▶ _Dataset entries_:
'''
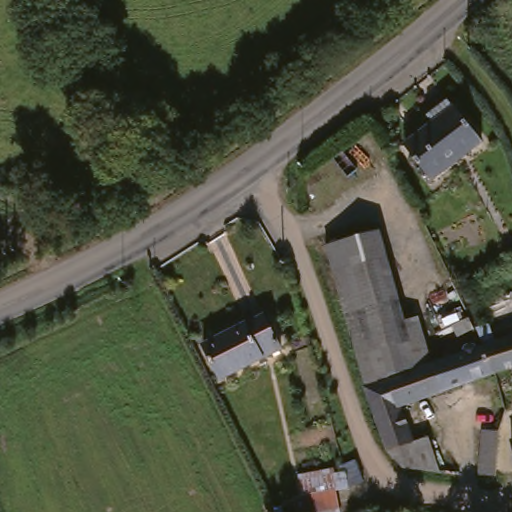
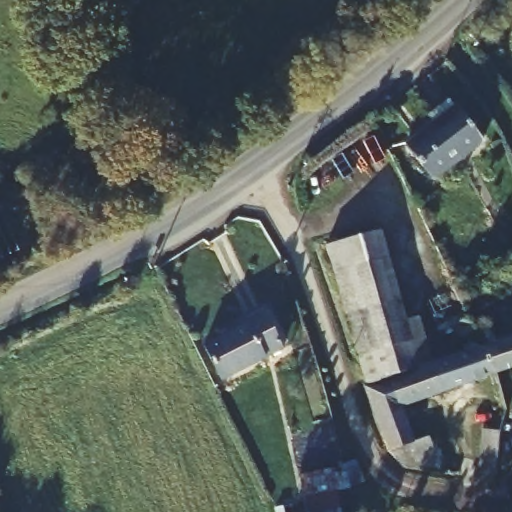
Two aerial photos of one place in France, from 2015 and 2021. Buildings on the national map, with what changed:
unchanged [(407,147),(454,109),(479,143),(431,180),(407,147)]
unchanged [(402,321),(419,318),(429,364),(477,350),(512,339),(512,368),(399,409),(409,441),(424,437),(434,474),(399,470),(385,453),(362,392),(321,246),(378,235),(402,321)]
unchanged [(201,343),(261,314),(278,350),(219,378),(201,343)]
unchanged [(482,429),(500,431),(494,476),(477,474),(482,429)]
unchanged [(512,459),(507,443),(512,442),(512,459)]
unchanged [(353,461),(360,485),(338,491),(343,512),(312,512),(309,499),(299,500),(294,477),(353,461)]
'''
▶ _REQUIRED WORK_: Repeat all of the entries above exactly. Keep pictures out of it.

▶ _RESPONSE_:
Two aerial photos of one place in France, from 2015 and 2021. Buildings on the national map, with what changed:
unchanged [(407,147),(454,109),(479,143),(431,180),(407,147)]
unchanged [(402,321),(419,318),(429,364),(477,350),(512,339),(512,368),(399,409),(409,441),(424,437),(434,474),(399,470),(385,453),(362,392),(321,246),(378,235),(402,321)]
unchanged [(201,343),(261,314),(278,350),(219,378),(201,343)]
unchanged [(482,429),(500,431),(494,476),(477,474),(482,429)]
unchanged [(512,459),(507,443),(512,442),(512,459)]
unchanged [(353,461),(360,485),(338,491),(343,512),(312,512),(309,499),(299,500),(294,477),(353,461)]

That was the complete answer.